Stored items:
Segment Open

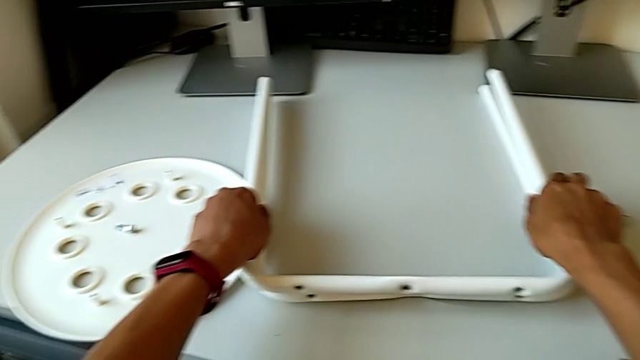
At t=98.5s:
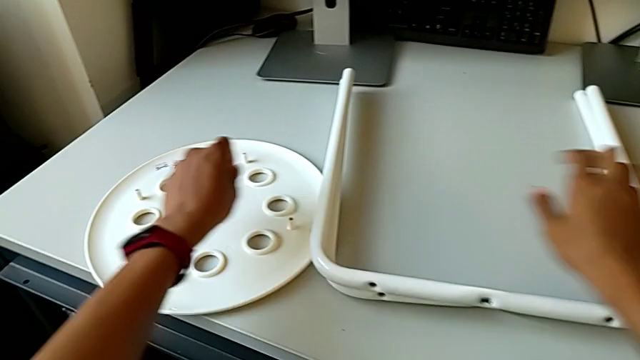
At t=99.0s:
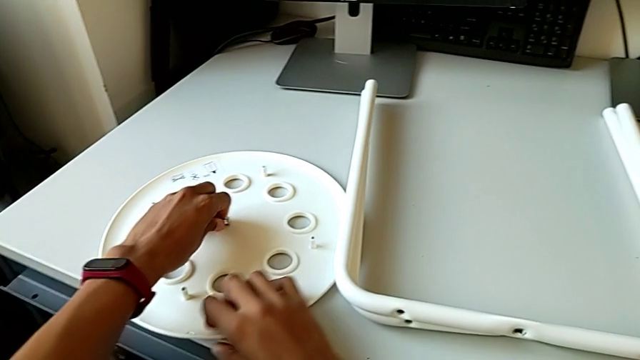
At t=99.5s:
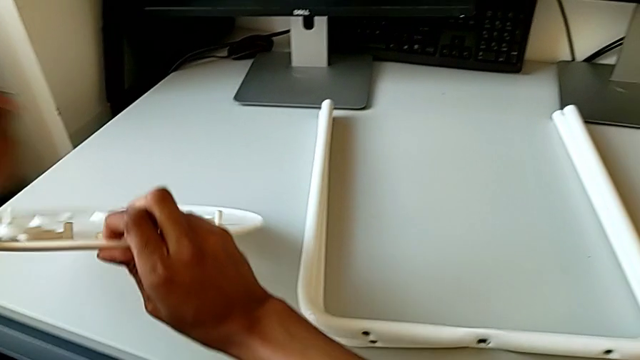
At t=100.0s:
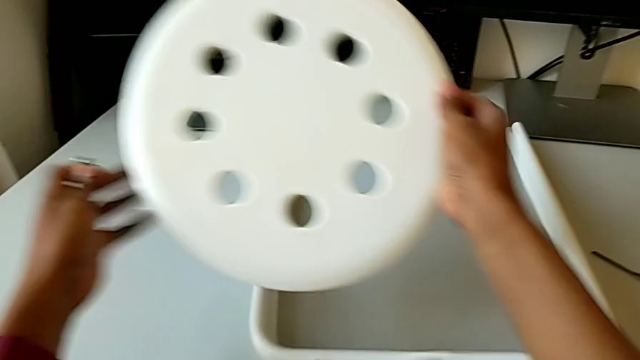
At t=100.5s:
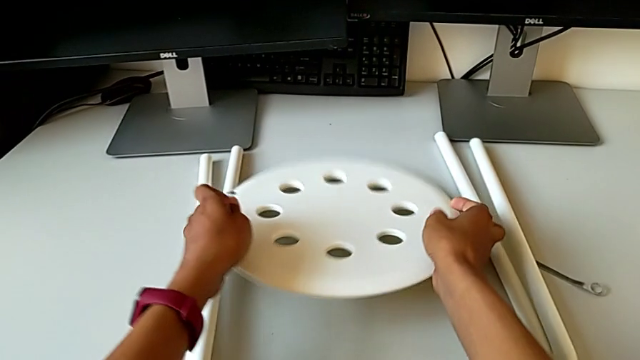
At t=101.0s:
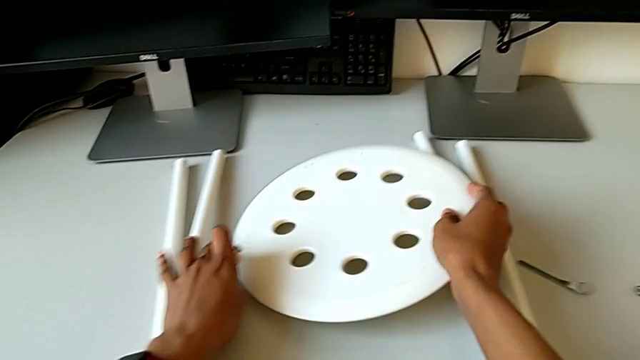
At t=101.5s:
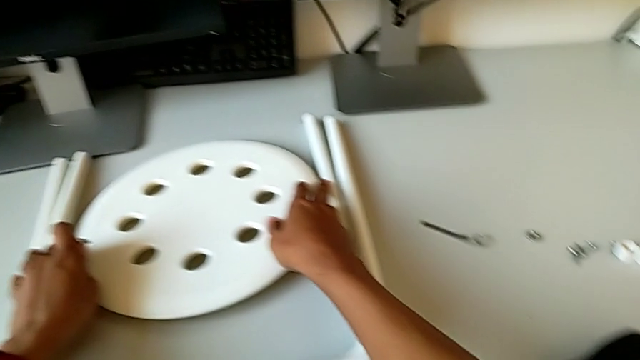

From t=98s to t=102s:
The camera wearer is disassembling the leg of the chair from the seat. They grab the middle bolt with the left hand, rotate the seat with the right hand and place the seat with the right hand.

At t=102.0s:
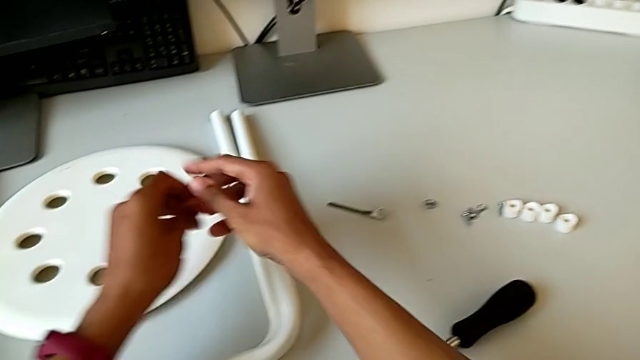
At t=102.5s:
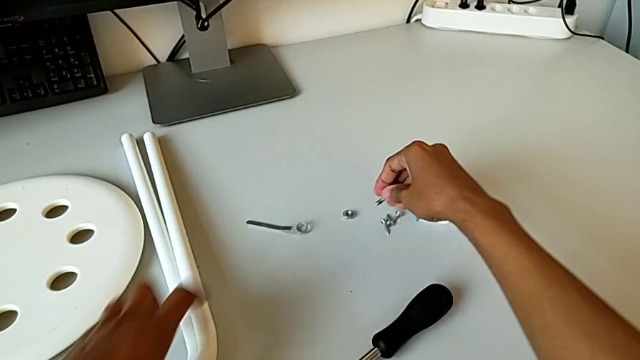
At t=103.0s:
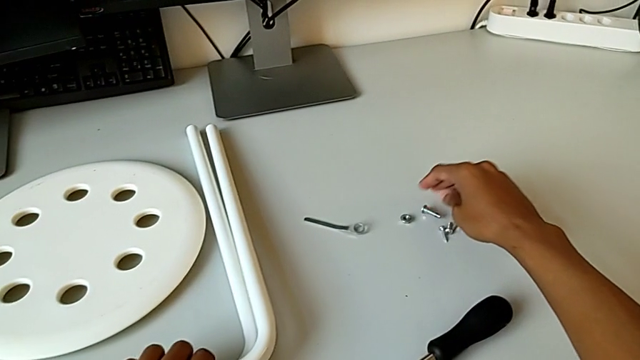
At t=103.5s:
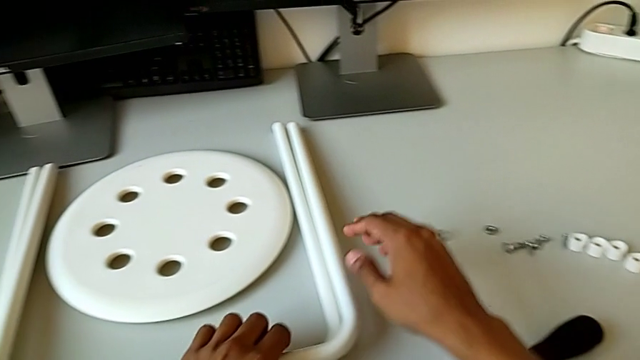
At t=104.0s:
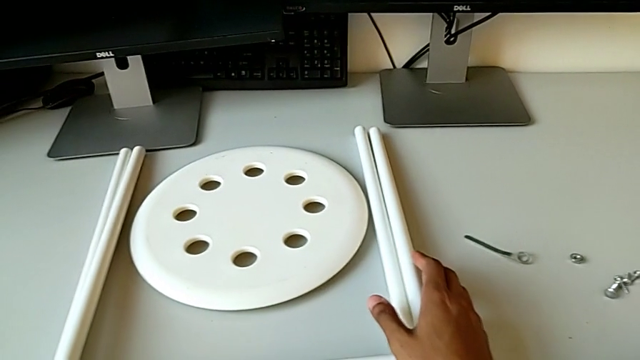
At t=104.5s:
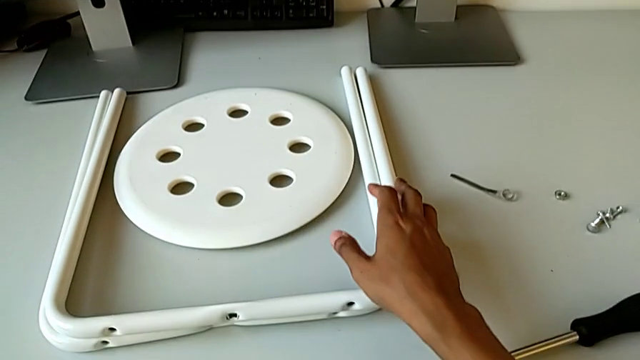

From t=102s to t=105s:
The camera wearer places the bolt. They place the middle bolt.

Segment Closed

WHAT THE TASK REQUIRES: The lines above must be transcribed exactly, with every picture left out.

FINAL ANSWER:
At t=98.5s:
At t=99.0s:
At t=99.5s:
At t=100.0s:
At t=100.5s:
At t=101.0s:
At t=101.5s:

From t=98s to t=102s:
The camera wearer is disassembling the leg of the chair from the seat. They grab the middle bolt with the left hand, rotate the seat with the right hand and place the seat with the right hand.

At t=102.0s:
At t=102.5s:
At t=103.0s:
At t=103.5s:
At t=104.0s:
At t=104.5s:

From t=102s to t=105s:
The camera wearer places the bolt. They place the middle bolt.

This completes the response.